Before having children, Megan K. Stack worked as a war correspondent for The Los Angeles Times, a career that proves to be useful preparation for navigating the post-baby battleground. Her husband’s own journalistic work lands her family in China and India, where household help is cheap, and Stack quits her job to work on a book and manage the household.

Women’s Workby Megan K. Stack

Doubleday, 352p $27.95

But even with a nanny and housekeeper in place, Stack struggles to carve out time for her career. Hiring help means her home becomes both a “job site” and a kind of war zone, as the women of the house navigate misunderstandings and cultural differences, as well as violence, injuries and hurts that change the course of lives and friendships.

In Women’s Work: A Reckoning With Work and Home, Stack offers a brutally honest look at her own efforts to navigate the strange dance between her and her employees, who must perform the functions of a family without truly being part of it. Through vivid prose and tight narratives, she actively and effectively dispels the notion that stereotypical “women’s work” should be categorized as a “soft” subject.

Through vivid prose and tight narratives, Megan K. Stack actively and effectively dispels the notion that stereotypical “women’s work” should be categorized as a “soft” subject.

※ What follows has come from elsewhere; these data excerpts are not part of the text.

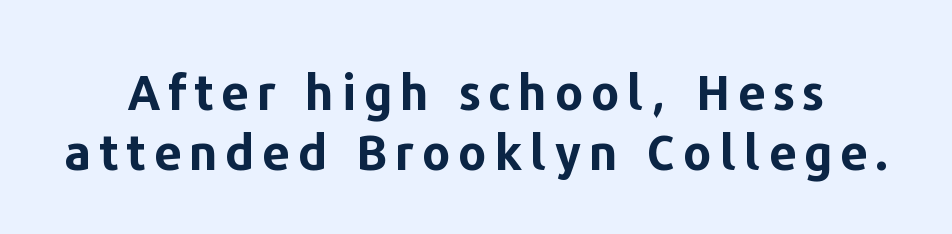
A sans-serif font was chosen for this passage. Quick note: not italic, upright. Looks like regular typesetting: each glyph gets only the width it needs. This is heavy type, rendered in bold.
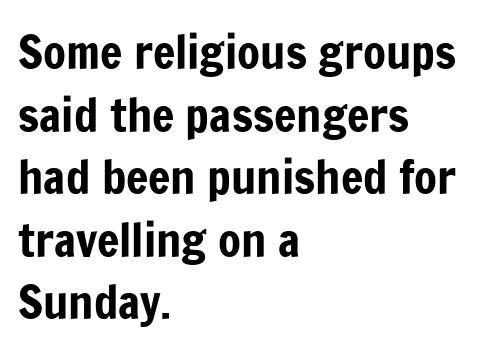
The image shows 47 px condensed sans-serif type, upright; set left-aligned, normal line spacing (1.33x), normal letter spacing, not underlined; low stroke contrast and a medium x-height.
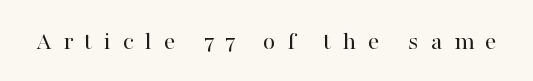
The glyphs are unaccompanied by any horizontal stroke below them. This is the regular roman posture of the typeface. Think standard paragraph weight, or any step lighter than that. The tracking jumps out immediately: characters are airy and widely separated.
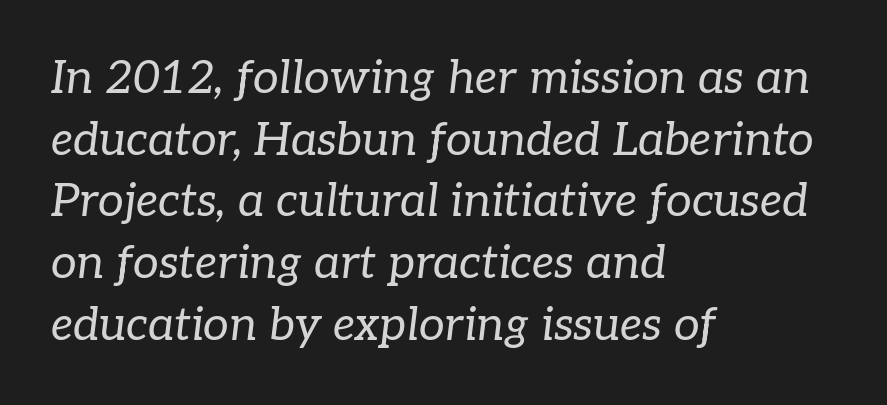
{"serif": "yes", "italic": "yes", "lean": "right", "slant_degrees": 7, "bold": "no", "weight": "regular", "width": "normal", "stroke_contrast": "low", "x_height": "medium", "monospaced": "no", "underline": "no", "align": "left", "line_spacing": "normal", "line_spacing_ratio": 1.34, "letter_spacing": "normal", "letter_spacing_em": 0.0, "glyph_px": 46}
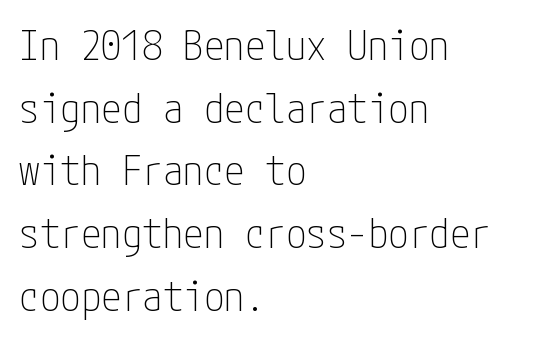
Q: Is the text bold? A: No.
Q: Is the text italic (slanted)? A: No, it is upright.
Q: Is the typeface a serif or a sans-serif typeface? A: Sans-serif.
Q: Is the text underlined? A: No.
Q: How is the paragraph aligned? A: Left-aligned.
Q: Is the spacing between letters normal or unusually wide? A: Normal.
Q: Is the spacing between lines tight, normal or loose? A: Normal.
Q: Width (condensed, normal, or wide)? A: Condensed.
Q: Stroke contrast? A: Low.
Q: x-height? A: Medium.
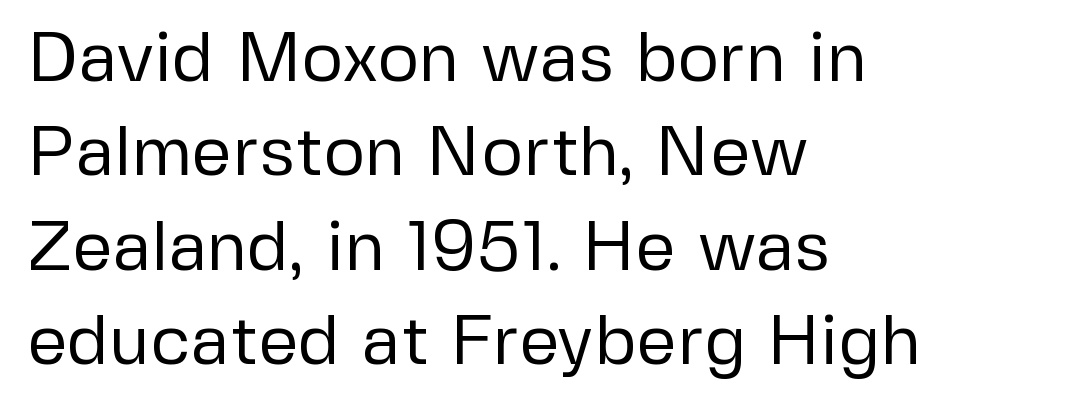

Women’s Work illuminates the shared obstacles that face both mothers who hope to thrive at work and at home and those who are simply trying to survive. But Stack does not shy away from describing how the stakes differ for each. Hiring household help meant that Stack’s sons gained loving caretakers and an international upbringing. But the children of Xiao Li, Mary and Pooja, the women who serve Stack’s household, “got money but grew up without their mothers,” Stack writes.

Stack’s Catholic upbringing influences her understanding of justice, guilt and rituals throughout, and her journalistic background pushes her to ask more and more questions of Xiao Li, Mary and Pooja. The third section of the book focuses on their stories, and the resulting narrative honors the complexity of their experience as women, workers and mothers. But while all three consent to be written about, only Pooja seems to embrace it.

Stack is self-aware and recognizes the fact that even being able to ask questions about work-life balance makes her a part of a privileged class. She concludes with a call for men to do more at home. It is a necessary one. But this tidy answer cannot fully address the central tension of Stack’s narrative, which has no easy solution. The ability to find balance in the midst of her own struggles relies entirely on the work of women who are struggling even more.